I am already doing this in another place - downloading KML from google maps URL at GlikaOzoliAnalysisData

  1. Will google allow do download KML/KMZ file without captcha?

I have not encountered a captcha... yet.

  1. Can we reasonable parse KML/KMZ file format?

KML output can be forced in URL. And I am using a SharpKml package that can parse it.

  1. If link is preserved or it's needed to be found from page every time.

The URL in the code appears to be https://www.google.com/maps/d/embed?mid=z04Qg9kXVnqk.kwqapebDyDDY, but clicking it takes you to 1fHZLaJ1t5cPs9PbaUotV_-IlwVs. I assume RS updated the map, used the old URL, and Google now "redirects".

For Glika stuff, I parse the website for the URL each time. I generally prefer to do it this way because I have no idea if they will make a new map or update existing. I think it should be done this way here too, since the above IDs already mismatch...

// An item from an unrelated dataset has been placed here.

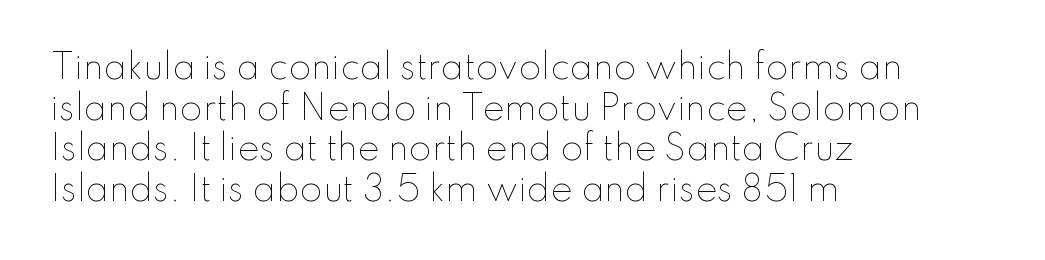
The words here are not underlined. The compositor pushed each line to the left boundary. A typesetter would call this proportional, since set widths differ per character. Inter-character spacing is left at the font's built-in metrics. The cut favours lightness, reaching ordinary text weight at its darkest.

markalex2209 commented 1 month ago

I am already doing this in another place - downloading KML from google maps URL at GlikaOzoliAnalysisData

Yes, already found and implemented in a similar manner. See #38.

For Glika stuff, I parse the website for the URL each time. I generally prefer to do it this way because I have no idea if they will make a new map or update existing. I think it should be done this way here too, since the above IDs already mismatch...

Done the same, for consistency and to avoid confusion if it were to be replaced with change of link.

HellMapGoesCoding commented 1 month ago

Failed to get data on GitHub (worked locally).

Inner exception message: An error occurred while sending the request.
Inner exception message: The response ended prematurely.

Well, this is as vague as it gets...

markalex2209 commented 1 month ago

Sudden network issue? Before changing anything, can you start it once more, just to check?

HellMapGoesCoding commented 1 month ago

Same result, unfortunately. I am not sure if it's RS site or Google that fails, would need to add some debug output. The other Google call works, so it's possible it's actually RS failing.

HellMapGoesCoding commented 1 month ago

It was indeed

Exception: Failed to read RS page

So I switched to browsing. But then it decided that

Exception: Failed to read Google Maps kml page
Inner exception: Response status code does not indicate success: 404 (Not Found).

So I checked what URL it's using and apparently

Exception: Failed to read Google Maps kml page (https://www.google.com/maps/d/kml?mid=&forcekml=1)

So the ID is missing for some reason. Since it was assuming Regex passes, I made sure to actually check and sure enough:

Exception: Couldn't parse RS site html for the Google Maps KML ID

So I dumped the received HTML to see what it actually got.

Exception: Couldn't parse RS site html for the Google Maps KML ID (saved html dump in output 'RS-vending-html-dump.html')

And apparently it's https://osmlatvija.github.io/Osmalyzer/RS-vending-html-dump.html :

<html><head></head><body></body></html>

So I went ahead and also actually recorded the headers from the most recent browsing call

Exception: Couldn't parse RS site html for the Google Maps KML ID (saved html dump in output 'RS-vending-html-dump.html' and headers in 'RS-vending-header-dump.html')

But there are literally none https://osmlatvija.github.io/Osmalyzer/RS-vending-header-dump.html .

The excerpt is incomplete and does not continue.